▶ _THE PROBLEM_:
Counting every line in the records below that holds "name", give the total and add nothing.

▶ _DATASET EXTRACT_:
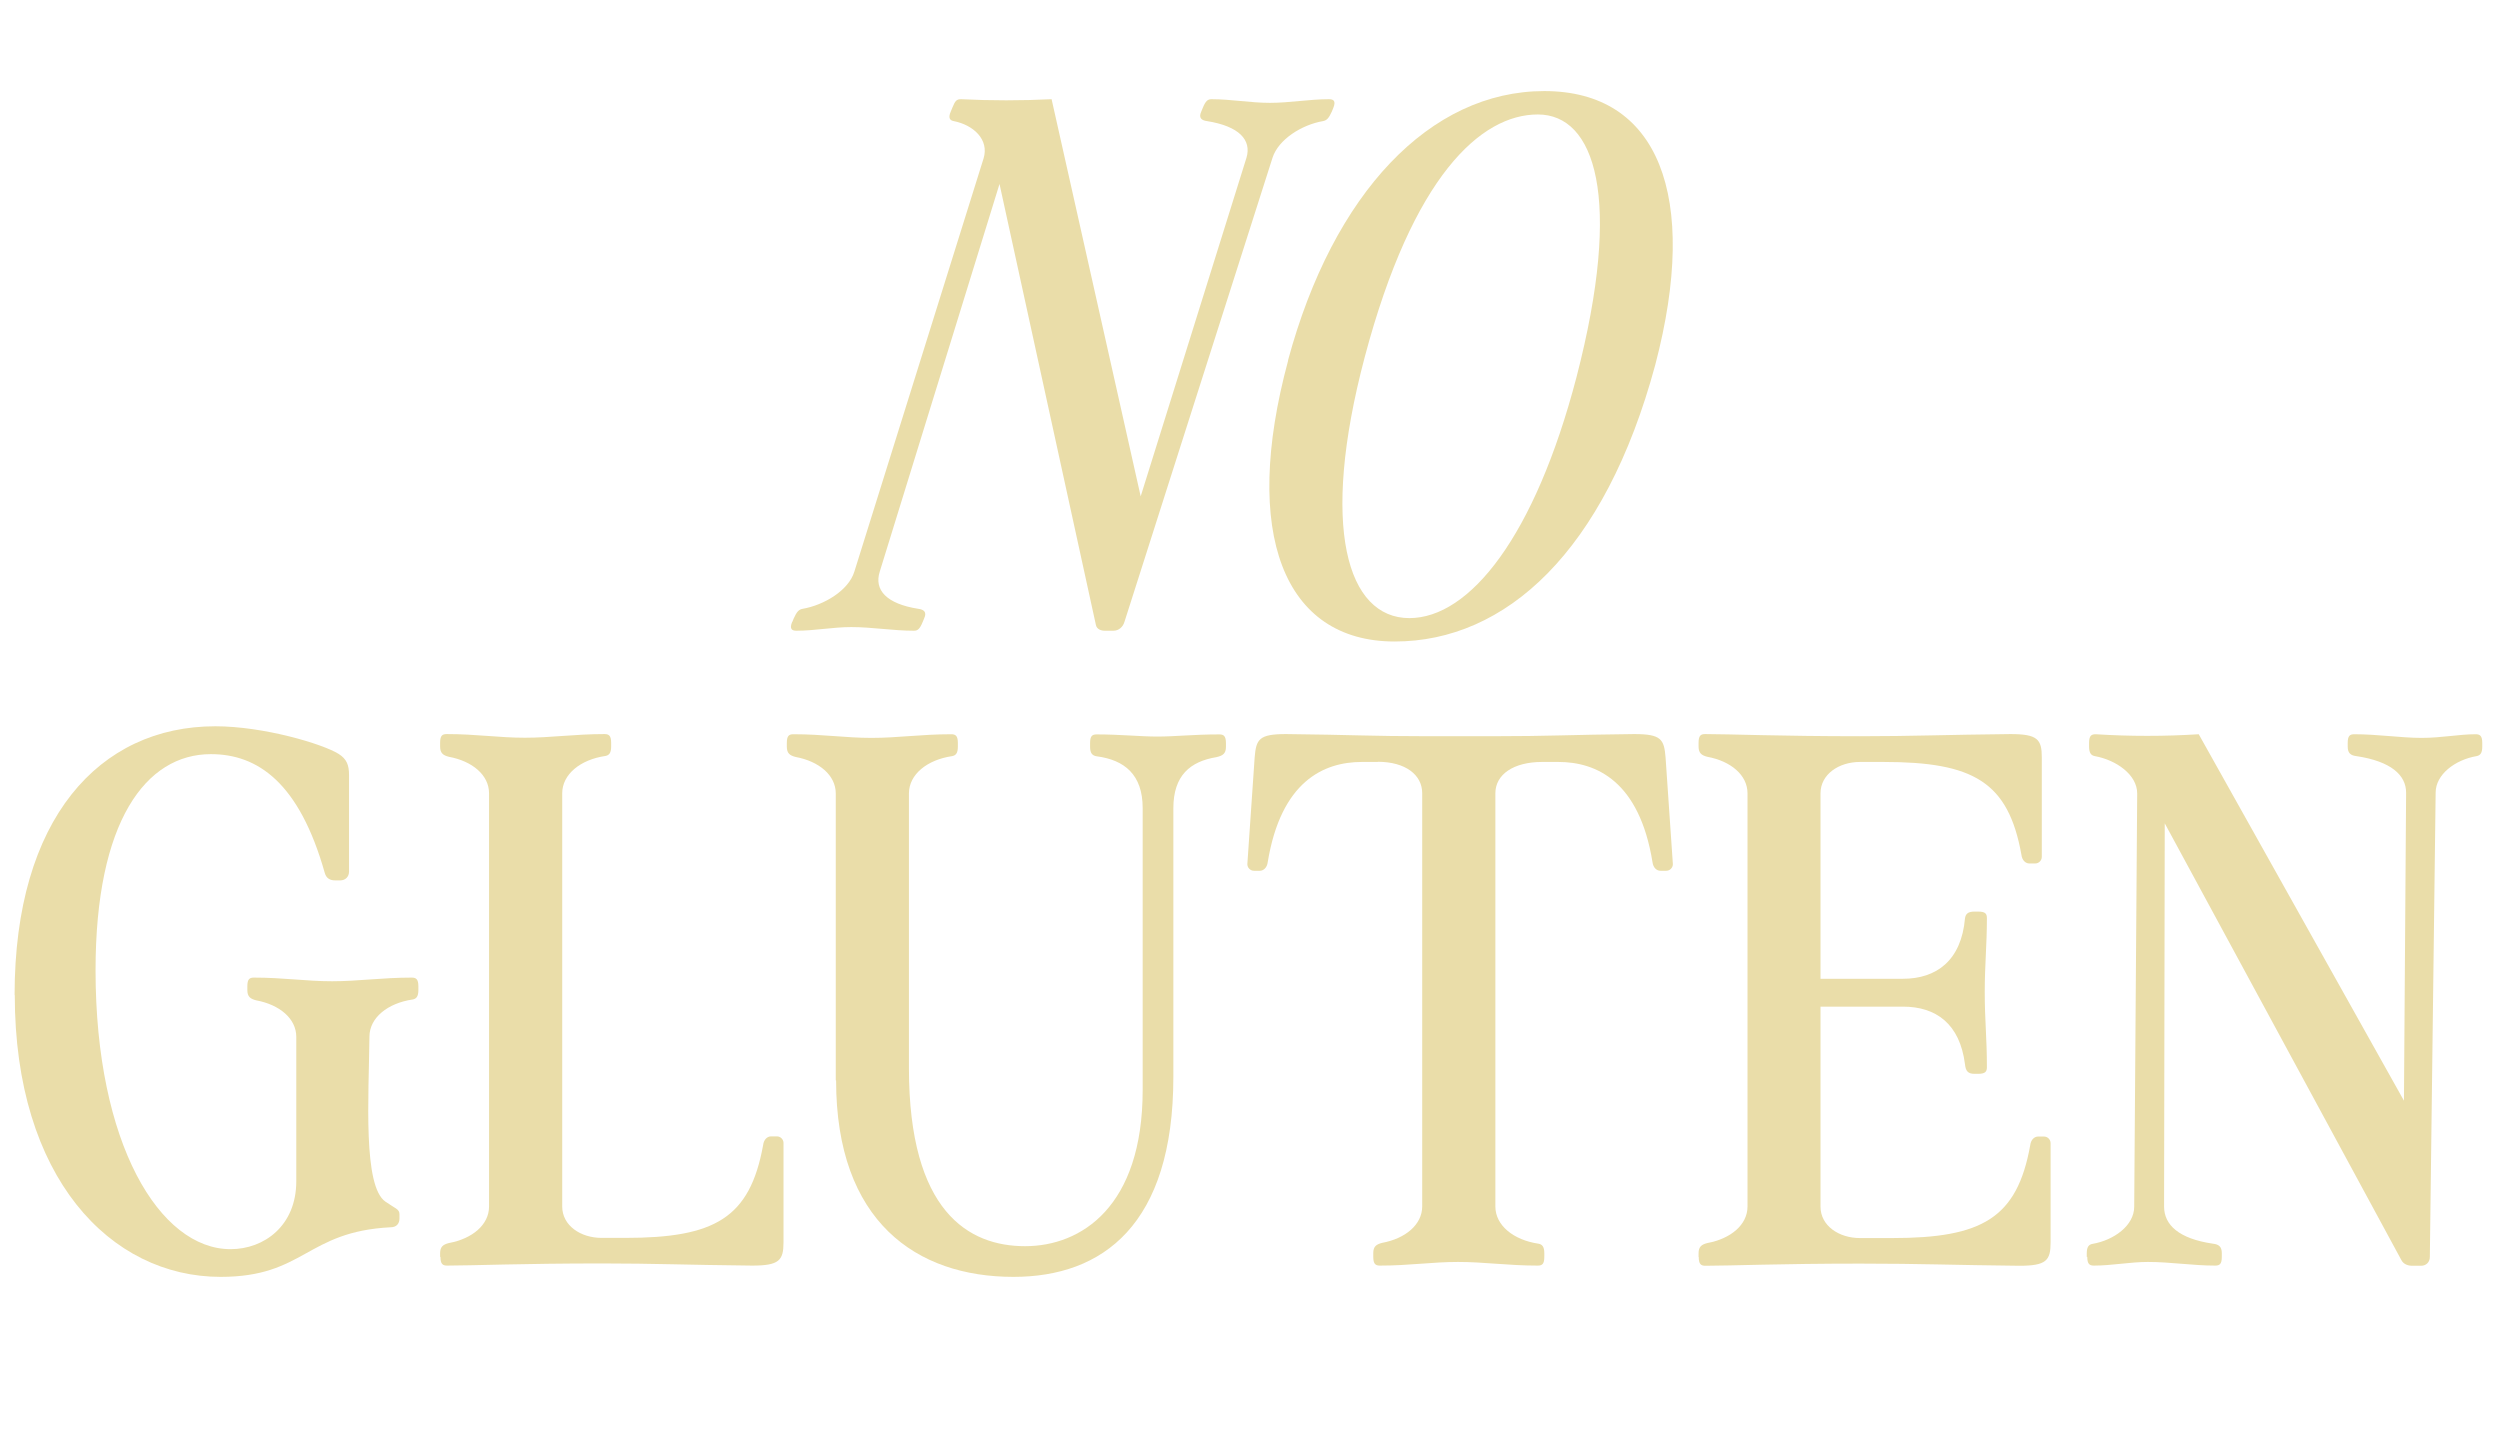 <?xml version="1.0" encoding="UTF-8"?>
<svg id="Layer_2" data-name="Layer 2" xmlns="http://www.w3.org/2000/svg" viewBox="0 0 150.7 87.73">
  <defs>
    <style>
      .cls-1 {
        fill: #eadda9;
      }
    </style>
  </defs>
  <g id="Layer_1-2" data-name="Layer 1">
    <g>
      <path class="cls-1" d="m47.76,37.49l.09-.22c.18-.4.31-.53.53-.57,1.28-.22,2.77-1.1,3.12-2.24l7.79-24.91c.35-1.14-.62-2.02-1.8-2.25-.22-.04-.35-.18-.18-.57l.09-.22c.18-.44.26-.53.53-.53,1.8.09,3.65.09,5.46,0l5.37,23.94,6.38-20.42c.31-1.06-.44-1.89-2.38-2.2-.31-.04-.53-.18-.35-.57l.09-.22c.18-.44.31-.53.53-.53,1.19,0,2.33.22,3.52.22s2.38-.22,3.56-.22c.26,0,.44.09.26.53l-.09.22c-.18.4-.31.53-.53.57-1.28.22-2.68,1.1-3.04,2.2l-8.93,27.99c-.09.31-.35.53-.66.53h-.53c-.22,0-.48-.09-.53-.35l-5.81-26.58-7.22,23.37c-.35,1.1.4,1.94,2.33,2.24.31.04.53.18.35.57l-.09.22c-.18.44-.31.53-.53.53-1.28,0-2.51-.22-3.78-.22-1.1,0-2.2.22-3.3.22-.26,0-.44-.09-.26-.53Z"/>
      <path class="cls-1" d="m77.64,21.73c2.73-10.12,8.58-16.24,15.45-16.24s9.37,6.29,6.69,16.5c-3.04,11.27-9.02,16.68-15.71,16.68s-9.24-6.51-6.42-16.94Zm7.31,15.53c3.65,0,7.57-4.93,10.08-14.52,2.82-10.87,1.1-15.84-2.33-15.84s-7.53,3.7-10.43,14.61c-2.73,10.3-1.06,15.75,2.69,15.75Z"/>
      <path class="cls-1" d="m.88,59.97c0-10.61,5.1-16.19,12.1-16.19,2.9,0,6.47,1.06,7.44,1.67.48.31.62.66.62,1.28v5.81c0,.31-.22.53-.53.53h-.31c-.31,0-.53-.13-.62-.44-1.54-5.46-4.05-7.17-6.87-7.17-3.92,0-6.95,4.05-6.95,13.03,0,10.47,3.87,16.81,8.14,16.81,2.02,0,3.96-1.41,3.96-4.09v-8.71c0-1.1-1.01-1.94-2.42-2.2-.35-.09-.53-.22-.53-.62v-.22c0-.44.13-.53.4-.53,1.8,0,3.12.22,4.71.22s2.99-.22,4.8-.22c.26,0,.4.09.4.53v.22c0,.4-.13.53-.35.57-1.5.22-2.6,1.1-2.6,2.24-.04,3.65-.4,9.02.97,9.95.57.4.84.44.84.75v.26c0,.31-.18.53-.53.53-5.1.26-5.19,2.99-10.25,2.99-6.65,0-12.41-5.99-12.41-16.99Z"/>
      <path class="cls-1" d="m26.53,75.77v-.22c0-.4.18-.53.53-.62,1.41-.26,2.42-1.1,2.42-2.2v-24.91c0-1.1-1.01-1.94-2.42-2.2-.35-.09-.53-.22-.53-.62v-.22c0-.44.13-.53.4-.53,1.8,0,3.12.22,4.71.22s2.99-.22,4.8-.22c.26,0,.4.09.4.53v.22c0,.4-.13.53-.35.57-1.5.22-2.6,1.1-2.6,2.25v24.91c0,1.14,1.1,1.89,2.38,1.89h1.41c5.41,0,7.52-1.19,8.32-5.59.04-.35.26-.53.48-.53h.35c.22,0,.4.18.4.4v5.98c0,1.1-.26,1.41-1.89,1.41-3.92-.04-5.9-.13-9.06-.13-4.8,0-7.83.13-9.33.13-.26,0-.4-.09-.4-.53Z"/>
      <path class="cls-1" d="m50.38,65.12v-17.29c0-1.1-1.01-1.94-2.42-2.2-.35-.09-.53-.22-.53-.62v-.22c0-.44.13-.53.4-.53,1.8,0,3.12.22,4.71.22s2.99-.22,4.8-.22c.26,0,.4.09.4.53v.22c0,.4-.13.53-.35.57-1.5.22-2.6,1.1-2.6,2.25v16.55c0,8.67,3.61,10.74,7,10.74s7.09-2.38,7.09-9.42v-16.99c0-2.02-1.1-2.9-2.77-3.12-.26-.04-.4-.18-.4-.57v-.22c0-.44.13-.53.4-.53,1.41,0,2.64.13,3.65.13,1.1,0,2.16-.13,3.74-.13.26,0,.4.09.4.53v.22c0,.4-.18.53-.57.62-1.58.26-2.6,1.1-2.6,3.08v16.19c0,8.93-4.27,12.06-9.64,12.06-5.85,0-10.69-3.34-10.69-11.84Z"/>
      <path class="cls-1" d="m83.07,45.93h-.97c-2.33,0-4.88,1.19-5.68,6.03-.04.35-.26.53-.48.53h-.35c-.22,0-.4-.18-.4-.4l.44-6.43c.09-1.1.26-1.41,1.89-1.41,3.92.04,5.02.13,8.62.13h3.74c3.61,0,4.71-.09,8.63-.13,1.63,0,1.8.31,1.89,1.41l.44,6.43c0,.22-.18.4-.4.4h-.35c-.22,0-.44-.18-.48-.53-.79-4.84-3.35-6.03-5.68-6.03h-.97c-1.72,0-2.82.75-2.82,1.89v24.91c0,1.14,1.1,2.02,2.6,2.24.22.04.35.18.35.57v.22c0,.44-.13.53-.4.53-1.8,0-3.21-.22-4.8-.22s-2.91.22-4.71.22c-.26,0-.4-.09-.4-.53v-.22c0-.4.18-.53.53-.62,1.41-.26,2.42-1.1,2.42-2.2v-24.91c0-1.1-1.01-1.89-2.68-1.89Z"/>
      <path class="cls-1" d="m102.39,75.77v-.22c0-.4.18-.53.53-.62,1.41-.26,2.42-1.1,2.42-2.2v-24.91c0-1.1-1.01-1.94-2.42-2.2-.35-.09-.53-.22-.53-.62v-.22c0-.44.13-.53.4-.53,1.5,0,4.53.13,9.33.13,3.17,0,5.15-.09,9.07-.13,1.63,0,1.89.31,1.89,1.41v5.99c0,.22-.18.4-.4.4h-.35c-.22,0-.44-.18-.48-.53-.79-4.4-2.9-5.59-8.32-5.59h-1.41c-1.28,0-2.38.75-2.38,1.89v11.18h4.97c2.02,0,3.52-1.1,3.74-3.65.04-.26.18-.4.57-.4h.22c.44,0,.53.13.53.4,0,1.63-.13,2.77-.13,4.45,0,1.76.13,2.73.13,4.53,0,.26-.09.4-.53.4h-.22c-.4,0-.53-.18-.57-.57-.31-2.46-1.76-3.48-3.74-3.48h-4.97v12.06c0,1.14,1.1,1.89,2.38,1.89h1.94c5.41,0,7.53-1.19,8.32-5.59.04-.35.26-.53.48-.53h.35c.22,0,.4.18.4.4v5.98c0,1.1-.26,1.41-1.89,1.41-3.92-.04-5.9-.13-9.59-.13-4.8,0-7.83.13-9.33.13-.26,0-.4-.09-.4-.53Z"/>
      <path class="cls-1" d="m125.79,75.77v-.22c0-.4.13-.53.35-.57,1.28-.22,2.51-1.1,2.51-2.24l.18-24.91c0-1.14-1.28-2.02-2.55-2.25-.22-.04-.35-.18-.35-.57v-.22c0-.44.13-.53.4-.53,2.07.13,4.14.13,6.21,0l12.37,22.09.13-18.57c0-1.06-.92-1.89-2.99-2.2-.35-.04-.53-.18-.53-.57v-.22c0-.44.13-.53.4-.53,1.41,0,2.82.22,4.05.22s2.24-.22,3.26-.22c.26,0,.4.09.4.53v.22c0,.4-.13.53-.35.57-1.28.22-2.46,1.1-2.46,2.2l-.35,27.99c0,.31-.22.53-.53.53h-.53c-.26,0-.53-.09-.66-.35l-14.26-26.32-.04,23.1c0,1.1.88,1.94,2.95,2.24.35.04.53.18.53.57v.22c0,.44-.13.53-.4.53-1.37,0-2.69-.22-4.05-.22-1.1,0-2.16.22-3.26.22-.26,0-.4-.09-.4-.53Z"/>
    </g>
  </g>
</svg>

▶ _TASK RESPONSE_:
2